Stephanie Hansen

  • Webinar recorded on Mon 9th June, 2014
  • 1 hours 4 mins
  • No Comments

Trace minerals are essential to many biological processes in the animal, including growth, reproduction, and immune function. For example copper, manganese, selenium, and zinc function in enzymes supporting antioxidant capacity of the animal such as superoxide dismutase and glutathione peroxidase. In many areas of South Africa soils contain low concentrations of these trace minerals and some areas have soil with high concentrations of antagonists such as calcium or iron, which are known to decrease availability of zinc and manganese. Additionally, consumption of sulfur as a result of environmental contamination may decrease intestinal absorption of all of these trace minerals, resulting in deficiency. Supplementing trace minerals through oral or injectable means is important to maintain trace mineral status of the ruminant, as trace mineral deficient ruminants may have poor reproductive success, increased susceptibility to disease, lesser growth rates, and decreased carcass value at slaughter.
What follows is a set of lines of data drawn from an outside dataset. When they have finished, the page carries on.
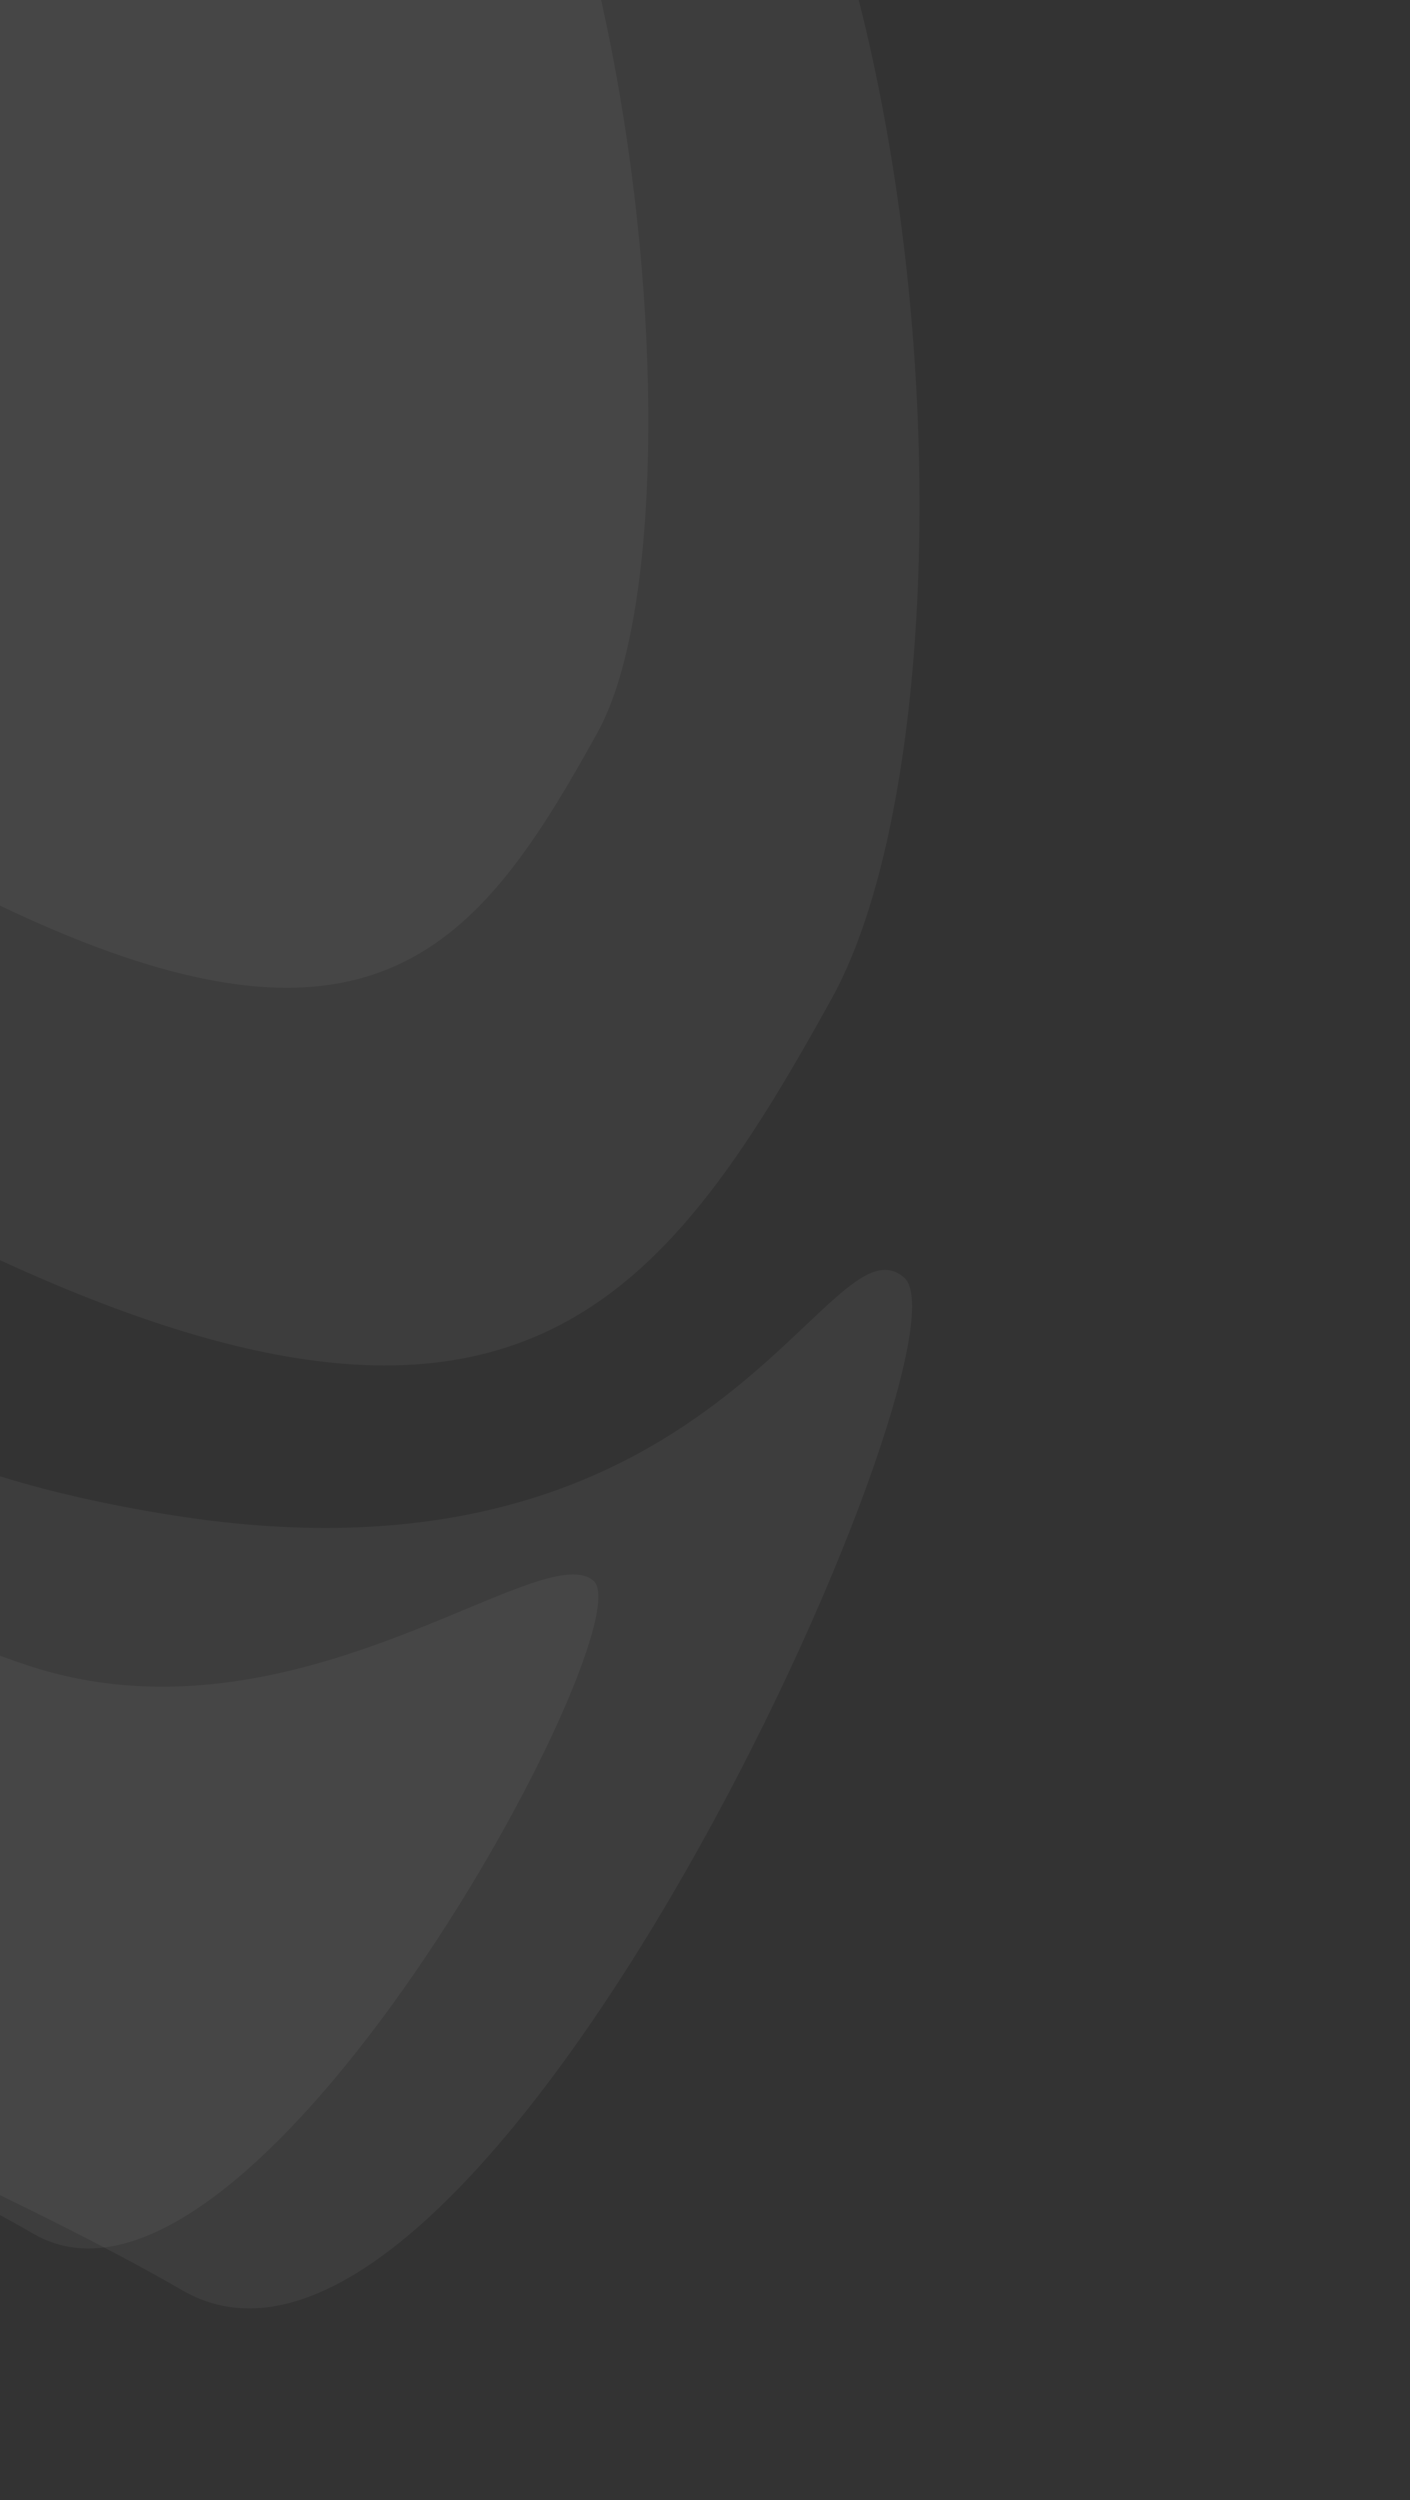 <svg width="317" height="562" viewBox="0 0 317 562" fill="none" xmlns="http://www.w3.org/2000/svg">
<rect x="0" y="0" width="317" height="562" fill="#333333" stroke="none"/>
<path opacity="0.05" d="M203.255 287.168C185.86 272.274 161.984 360.158 38.816 340.622C-84.352 321.086 -72.374 258.528 -88.699 235.2C-105.024 211.871 -219 398.674 -219 398.674C-219 398.674 -26.375 475.723 40.904 514.797C108.183 553.871 220.65 302.062 203.255 287.168Z" fill="white"/>
<path opacity="0.05" d="M133.433 355.345C121.511 345.119 66.268 394.267 6.21 374.364C-53.847 354.461 -75.04 314.302 -86.954 297.213C-98.867 280.124 -182.533 417.308 -182.533 417.308C-182.533 417.308 -41.685 473.555 7.494 502.123C56.672 530.69 145.354 365.571 133.433 355.345Z" fill="white"/>
<path opacity="0.05" d="M-77.553 -65.239C-115.67 3.596 -128.374 221.759 -6.753 280.102C114.869 338.445 148.847 293.352 186.964 224.517C225.081 155.682 211.476 -75.091 116.164 -120.823C20.852 -166.555 -39.436 -134.074 -77.553 -65.239Z" fill="white"/>
<path opacity="0.05" d="M-49.593 -36.875C-76.116 11.023 -84.991 162.808 -0.412 203.378C84.167 243.947 107.807 212.569 134.33 164.671C160.853 116.773 141.259 -76.807 74.976 -108.608C8.693 -140.408 -23.07 -84.773 -49.593 -36.875Z" fill="white"/>
</svg>

This paper will address the return on investment of trace mineral supplementation of beef and dairy cattle for the farmer and veterinarian using data collected from several studies conducted across the United States. Specifically, the economic value of the following will be discussed:

1) increased weaning weights because of earlier calving due to improved response to artificial insemination,

2) decreased need for treatment of sick cattle during a background/stocker period,

3) increased carcass value due to increased meat quality (marbling score), and

4) increased milk sales values because of decreased somatic cell counts. Adequate trace mineral supplementation may provide a significant return on investment for the cattle farmer and veterinarian because of these demonstrated responses.